● Task
Tell how many lines in the data contain the string "path", using a single number as the whole reply.

##### Source records

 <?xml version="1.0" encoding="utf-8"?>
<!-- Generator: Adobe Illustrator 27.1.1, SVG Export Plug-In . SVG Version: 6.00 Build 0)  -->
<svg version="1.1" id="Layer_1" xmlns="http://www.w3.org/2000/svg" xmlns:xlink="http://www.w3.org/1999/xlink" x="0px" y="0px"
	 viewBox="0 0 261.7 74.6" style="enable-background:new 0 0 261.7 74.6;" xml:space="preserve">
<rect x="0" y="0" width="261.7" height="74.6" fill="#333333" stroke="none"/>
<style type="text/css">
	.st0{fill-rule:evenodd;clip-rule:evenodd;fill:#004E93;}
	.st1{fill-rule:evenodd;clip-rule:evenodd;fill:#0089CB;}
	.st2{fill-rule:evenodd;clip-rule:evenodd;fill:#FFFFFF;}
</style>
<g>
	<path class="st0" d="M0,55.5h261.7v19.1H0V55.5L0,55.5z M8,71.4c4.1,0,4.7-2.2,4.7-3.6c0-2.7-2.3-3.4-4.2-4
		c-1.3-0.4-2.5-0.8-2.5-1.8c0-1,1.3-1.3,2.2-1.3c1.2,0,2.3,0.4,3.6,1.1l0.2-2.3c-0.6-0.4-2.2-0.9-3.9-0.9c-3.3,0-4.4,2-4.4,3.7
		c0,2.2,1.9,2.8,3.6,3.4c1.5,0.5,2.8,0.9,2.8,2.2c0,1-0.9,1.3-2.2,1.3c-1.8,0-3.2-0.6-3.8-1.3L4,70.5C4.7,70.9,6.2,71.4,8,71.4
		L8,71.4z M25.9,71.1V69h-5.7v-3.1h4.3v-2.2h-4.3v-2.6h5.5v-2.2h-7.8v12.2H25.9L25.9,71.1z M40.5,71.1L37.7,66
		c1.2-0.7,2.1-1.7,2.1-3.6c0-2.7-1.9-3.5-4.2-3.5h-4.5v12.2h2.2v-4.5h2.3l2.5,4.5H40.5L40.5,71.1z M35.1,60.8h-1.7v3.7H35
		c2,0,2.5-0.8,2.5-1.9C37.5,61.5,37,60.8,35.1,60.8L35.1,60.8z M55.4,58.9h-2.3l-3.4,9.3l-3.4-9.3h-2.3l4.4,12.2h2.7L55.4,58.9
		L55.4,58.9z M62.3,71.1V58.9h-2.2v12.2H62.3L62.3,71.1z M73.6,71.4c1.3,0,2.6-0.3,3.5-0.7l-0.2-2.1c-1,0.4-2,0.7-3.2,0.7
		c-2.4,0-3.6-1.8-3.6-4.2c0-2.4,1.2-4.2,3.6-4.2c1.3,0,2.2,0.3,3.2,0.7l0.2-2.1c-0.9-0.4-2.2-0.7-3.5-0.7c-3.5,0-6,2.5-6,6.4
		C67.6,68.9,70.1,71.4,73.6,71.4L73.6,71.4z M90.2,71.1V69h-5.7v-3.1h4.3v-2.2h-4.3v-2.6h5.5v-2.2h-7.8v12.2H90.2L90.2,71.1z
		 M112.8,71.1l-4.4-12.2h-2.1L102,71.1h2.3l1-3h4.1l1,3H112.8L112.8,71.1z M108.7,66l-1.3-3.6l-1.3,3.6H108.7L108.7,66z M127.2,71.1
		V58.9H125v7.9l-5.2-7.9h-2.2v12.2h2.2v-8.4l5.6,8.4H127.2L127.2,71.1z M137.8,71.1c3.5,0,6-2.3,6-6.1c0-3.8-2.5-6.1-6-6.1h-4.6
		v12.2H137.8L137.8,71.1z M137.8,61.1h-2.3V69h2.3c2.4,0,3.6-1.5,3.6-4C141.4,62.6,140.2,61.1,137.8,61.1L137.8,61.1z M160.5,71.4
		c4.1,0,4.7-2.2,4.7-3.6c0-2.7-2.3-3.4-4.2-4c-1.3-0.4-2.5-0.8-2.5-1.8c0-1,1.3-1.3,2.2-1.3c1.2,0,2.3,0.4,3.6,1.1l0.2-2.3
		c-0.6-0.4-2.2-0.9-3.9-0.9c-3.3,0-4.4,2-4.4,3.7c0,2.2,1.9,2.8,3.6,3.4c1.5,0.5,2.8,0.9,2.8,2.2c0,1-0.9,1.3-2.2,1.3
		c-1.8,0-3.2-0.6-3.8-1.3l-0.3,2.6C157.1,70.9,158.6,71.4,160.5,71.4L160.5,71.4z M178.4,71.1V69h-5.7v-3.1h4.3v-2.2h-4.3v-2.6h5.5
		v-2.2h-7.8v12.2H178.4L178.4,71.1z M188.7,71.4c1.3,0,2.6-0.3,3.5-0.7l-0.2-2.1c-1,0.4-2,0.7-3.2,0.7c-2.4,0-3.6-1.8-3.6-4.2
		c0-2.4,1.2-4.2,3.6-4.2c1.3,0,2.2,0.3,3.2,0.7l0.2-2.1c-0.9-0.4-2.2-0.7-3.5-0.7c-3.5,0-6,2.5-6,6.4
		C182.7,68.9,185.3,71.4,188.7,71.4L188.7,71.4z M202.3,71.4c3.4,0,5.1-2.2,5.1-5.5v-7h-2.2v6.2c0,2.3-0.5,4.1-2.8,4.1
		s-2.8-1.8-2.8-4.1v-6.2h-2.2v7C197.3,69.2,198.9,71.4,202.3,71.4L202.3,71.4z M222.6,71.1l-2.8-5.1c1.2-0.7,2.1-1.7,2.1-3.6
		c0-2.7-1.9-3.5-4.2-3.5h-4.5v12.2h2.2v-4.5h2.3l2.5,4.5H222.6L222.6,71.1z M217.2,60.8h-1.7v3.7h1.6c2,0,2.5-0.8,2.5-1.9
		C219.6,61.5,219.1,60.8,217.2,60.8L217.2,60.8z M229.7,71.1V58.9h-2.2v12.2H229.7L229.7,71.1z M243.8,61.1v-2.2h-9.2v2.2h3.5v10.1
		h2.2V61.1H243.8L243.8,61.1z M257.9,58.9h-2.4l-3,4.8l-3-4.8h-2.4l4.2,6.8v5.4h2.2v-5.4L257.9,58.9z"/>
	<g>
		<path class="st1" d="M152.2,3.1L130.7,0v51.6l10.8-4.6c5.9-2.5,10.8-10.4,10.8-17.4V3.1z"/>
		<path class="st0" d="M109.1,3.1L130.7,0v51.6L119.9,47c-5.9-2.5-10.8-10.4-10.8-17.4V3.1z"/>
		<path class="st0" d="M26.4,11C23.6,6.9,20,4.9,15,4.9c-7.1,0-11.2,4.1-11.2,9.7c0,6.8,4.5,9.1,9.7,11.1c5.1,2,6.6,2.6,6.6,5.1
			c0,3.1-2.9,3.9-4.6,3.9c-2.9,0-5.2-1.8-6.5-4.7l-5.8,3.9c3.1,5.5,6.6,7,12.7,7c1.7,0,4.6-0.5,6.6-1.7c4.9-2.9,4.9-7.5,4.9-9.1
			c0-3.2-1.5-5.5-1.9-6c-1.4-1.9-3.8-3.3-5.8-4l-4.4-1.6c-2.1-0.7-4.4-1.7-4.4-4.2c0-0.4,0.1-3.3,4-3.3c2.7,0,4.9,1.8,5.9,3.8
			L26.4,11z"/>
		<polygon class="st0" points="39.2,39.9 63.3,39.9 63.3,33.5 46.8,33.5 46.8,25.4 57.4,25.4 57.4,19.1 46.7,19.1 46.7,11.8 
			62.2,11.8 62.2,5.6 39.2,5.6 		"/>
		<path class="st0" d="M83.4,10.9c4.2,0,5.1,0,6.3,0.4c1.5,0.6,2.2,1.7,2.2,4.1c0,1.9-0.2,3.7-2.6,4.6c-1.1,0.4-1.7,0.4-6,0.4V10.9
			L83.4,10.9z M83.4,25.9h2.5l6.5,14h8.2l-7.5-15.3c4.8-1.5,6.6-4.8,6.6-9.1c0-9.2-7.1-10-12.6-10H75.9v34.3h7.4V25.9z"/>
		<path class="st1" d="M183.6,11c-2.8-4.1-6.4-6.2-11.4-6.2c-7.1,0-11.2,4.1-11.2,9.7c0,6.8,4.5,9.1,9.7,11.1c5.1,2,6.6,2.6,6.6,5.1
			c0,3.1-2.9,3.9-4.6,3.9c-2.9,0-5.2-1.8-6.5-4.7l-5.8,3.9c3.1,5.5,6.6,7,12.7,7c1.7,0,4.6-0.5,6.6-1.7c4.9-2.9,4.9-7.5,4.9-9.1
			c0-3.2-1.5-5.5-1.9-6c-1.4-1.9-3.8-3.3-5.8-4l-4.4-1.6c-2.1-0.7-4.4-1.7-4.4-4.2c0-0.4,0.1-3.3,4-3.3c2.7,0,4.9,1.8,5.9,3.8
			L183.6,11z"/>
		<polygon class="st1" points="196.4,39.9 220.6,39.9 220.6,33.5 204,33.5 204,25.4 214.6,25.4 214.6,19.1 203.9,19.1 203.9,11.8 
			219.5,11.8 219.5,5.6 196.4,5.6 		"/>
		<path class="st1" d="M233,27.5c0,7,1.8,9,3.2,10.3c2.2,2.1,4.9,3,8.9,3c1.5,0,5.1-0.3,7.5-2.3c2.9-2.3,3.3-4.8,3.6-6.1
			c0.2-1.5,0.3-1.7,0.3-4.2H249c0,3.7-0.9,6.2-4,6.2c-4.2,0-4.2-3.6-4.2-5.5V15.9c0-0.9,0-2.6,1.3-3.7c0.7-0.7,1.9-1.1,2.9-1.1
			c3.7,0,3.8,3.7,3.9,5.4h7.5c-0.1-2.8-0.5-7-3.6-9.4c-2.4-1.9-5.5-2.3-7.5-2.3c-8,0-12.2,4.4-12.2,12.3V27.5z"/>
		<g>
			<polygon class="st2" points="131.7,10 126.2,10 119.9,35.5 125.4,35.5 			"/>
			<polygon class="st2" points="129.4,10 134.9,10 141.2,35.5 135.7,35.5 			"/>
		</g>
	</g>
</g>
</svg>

##########

● Answer to the problem
7